_What needs to be done_:
Produce a verbatim transcription of the entries, with all pictures omitted.

_Entries shown_:
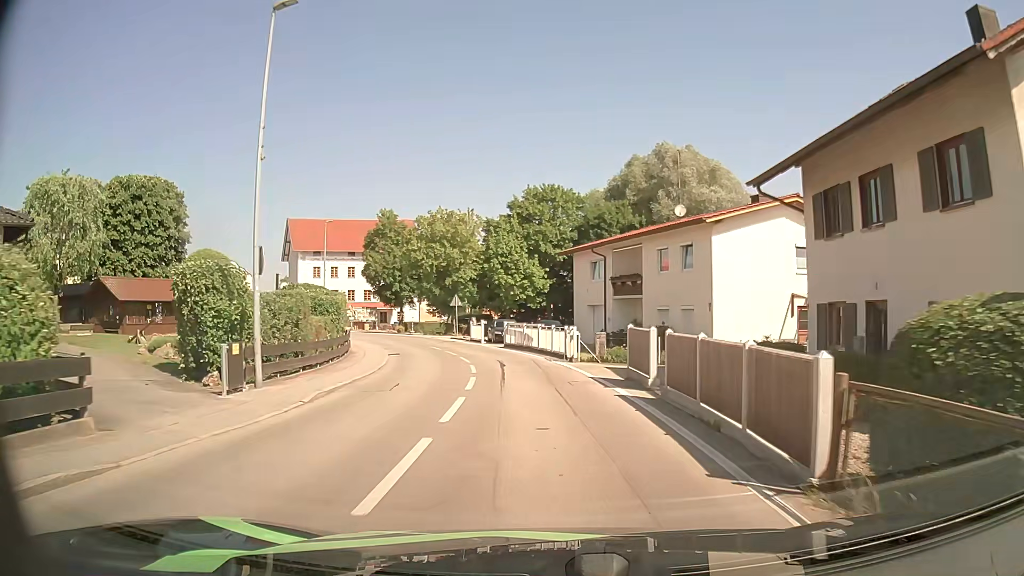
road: tertiary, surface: asphalt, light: Day
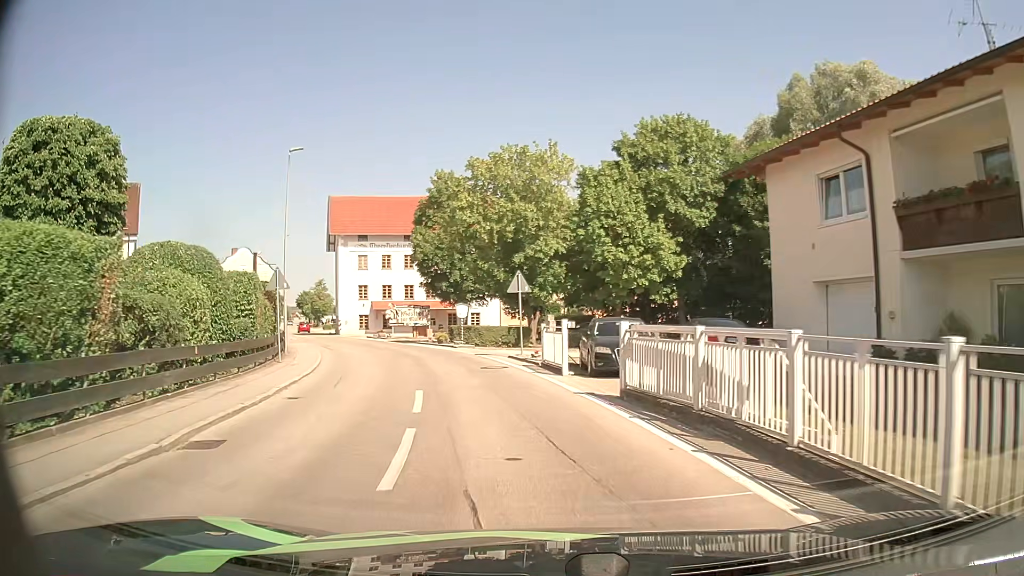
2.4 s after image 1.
(-1.5, +22.6) m; -9°
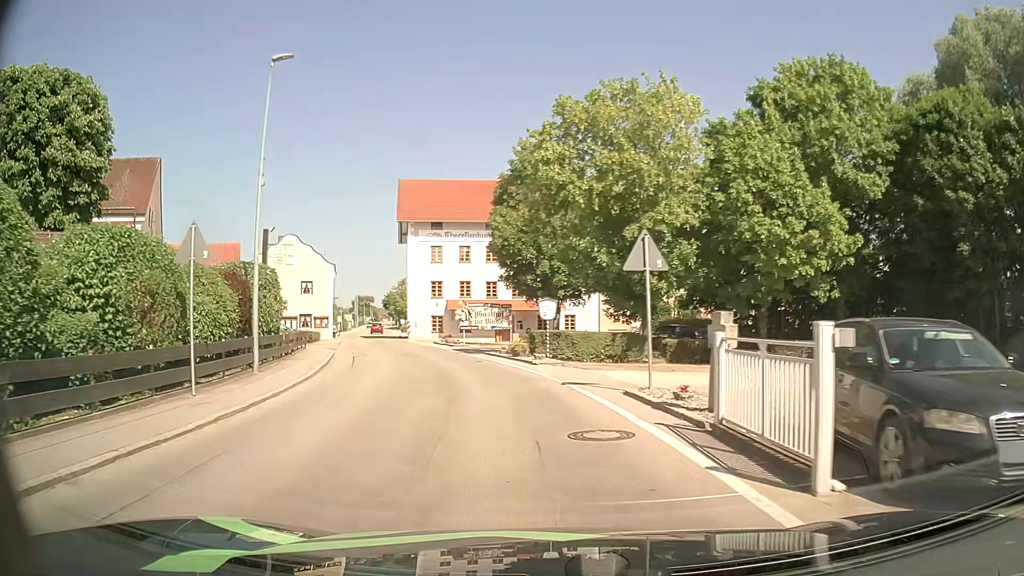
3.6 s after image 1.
(-0.8, +10.9) m; -8°
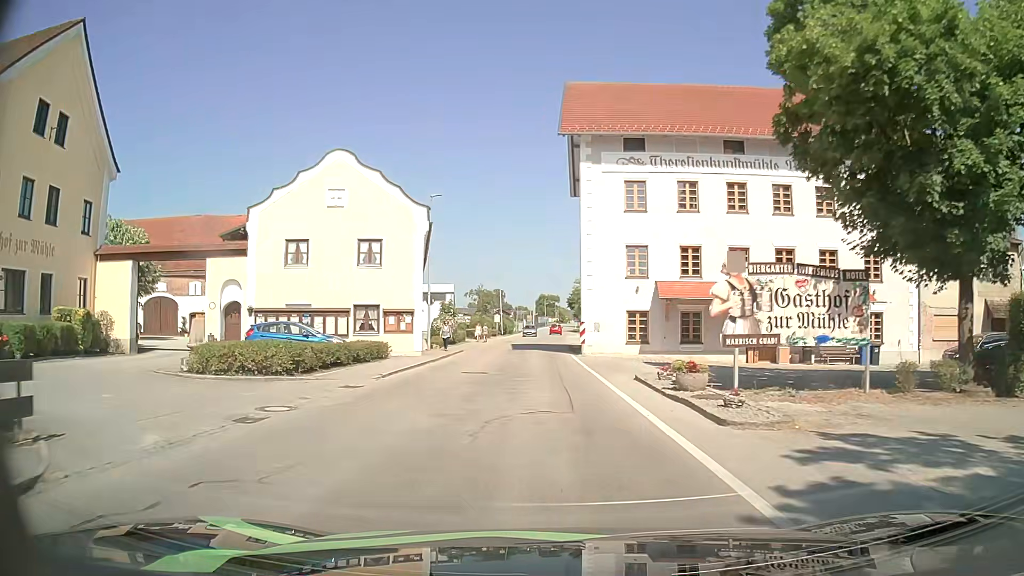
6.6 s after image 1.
(-4.7, +28.5) m; -16°
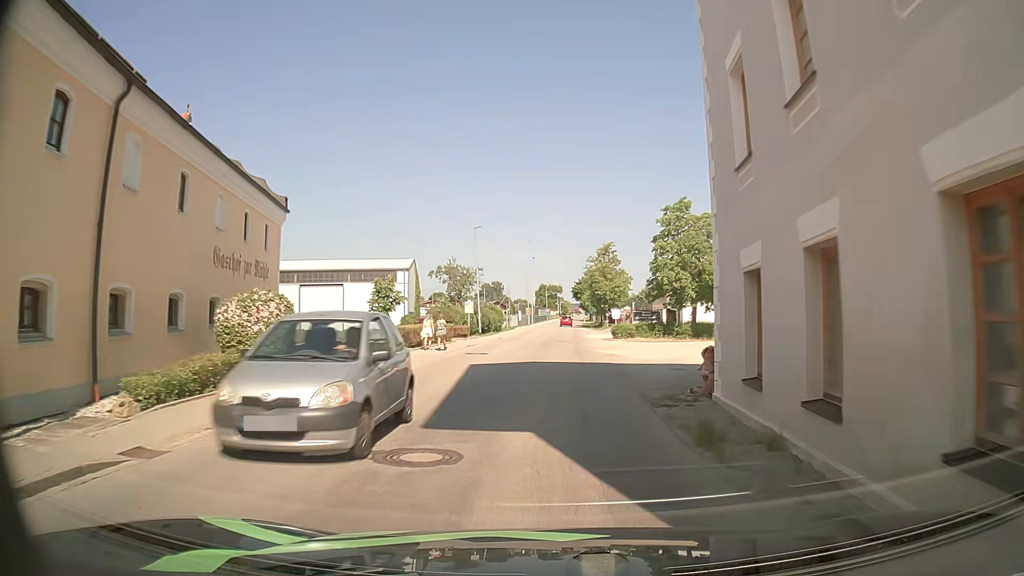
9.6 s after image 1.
(-0.5, +32.1) m; 0°
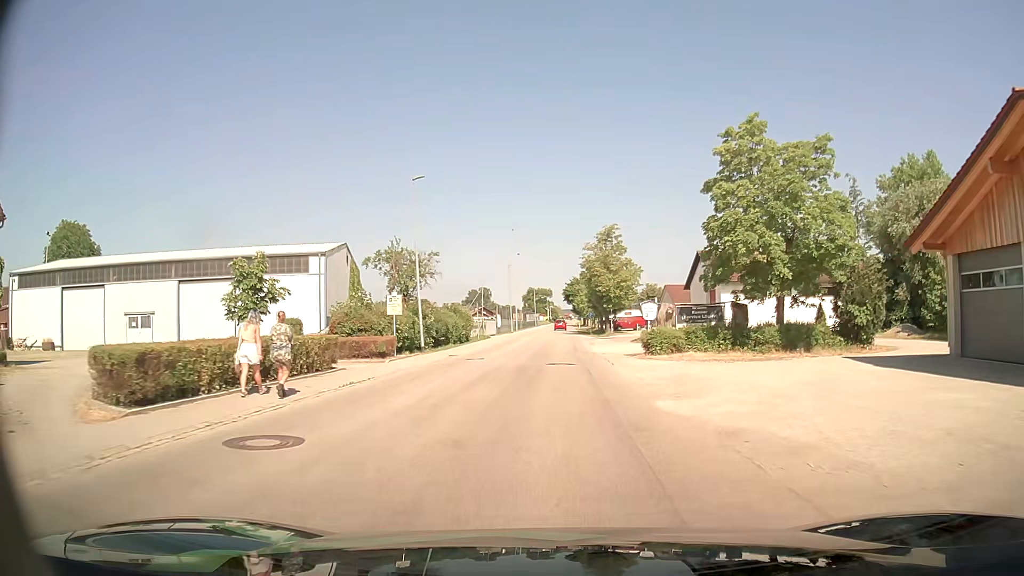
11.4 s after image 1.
(+0.3, +20.0) m; +1°
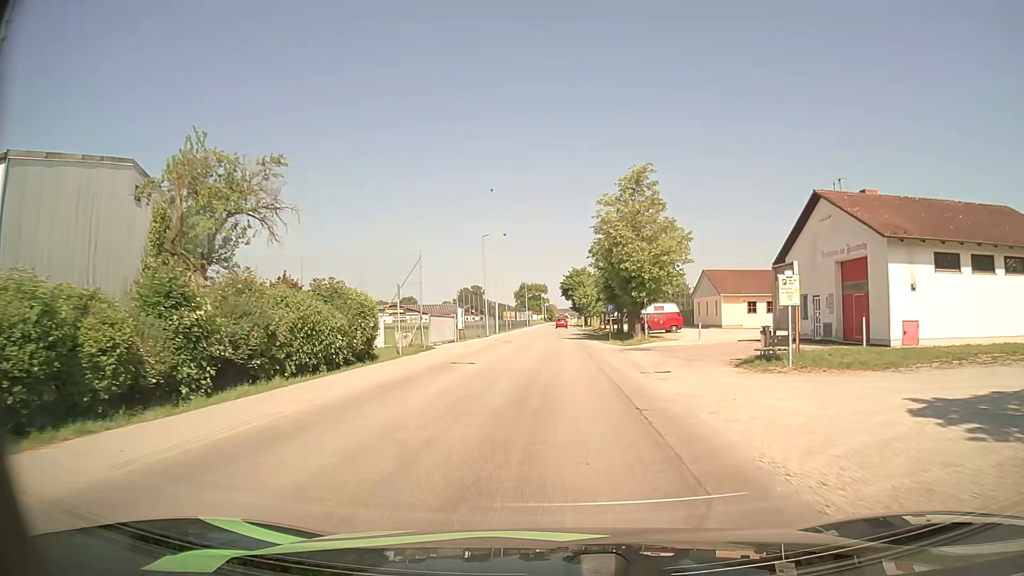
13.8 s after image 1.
(+0.1, +27.0) m; 0°
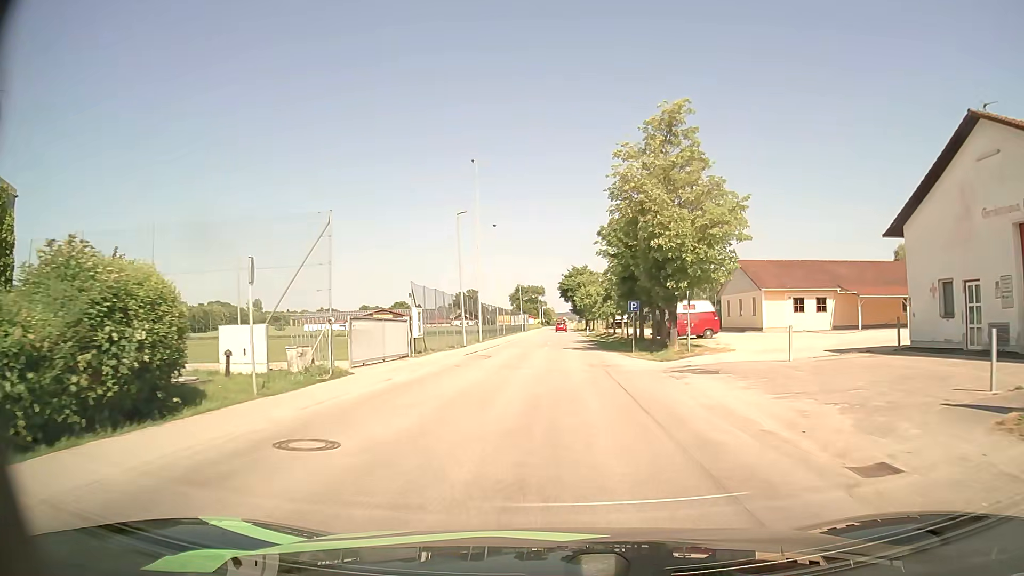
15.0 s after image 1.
(+0.1, +13.5) m; +1°
(0, +10) (0, +20) (0, +30) (0, +40) (+1, +50) (+1, +60) (+1, +70) (+1, +80) (+1, +90) (+2, +100) m

_Task solution_:
road: tertiary, surface: asphalt, light: Day
2.4 s after image 1.
(-1.5, +22.6) m; -9°
3.6 s after image 1.
(-0.8, +10.9) m; -8°
6.6 s after image 1.
(-4.7, +28.5) m; -16°
9.6 s after image 1.
(-0.5, +32.1) m; 0°
11.4 s after image 1.
(+0.3, +20.0) m; +1°
13.8 s after image 1.
(+0.1, +27.0) m; 0°
15.0 s after image 1.
(+0.1, +13.5) m; +1°
(0, +10) (0, +20) (0, +30) (0, +40) (+1, +50) (+1, +60) (+1, +70) (+1, +80) (+1, +90) (+2, +100) m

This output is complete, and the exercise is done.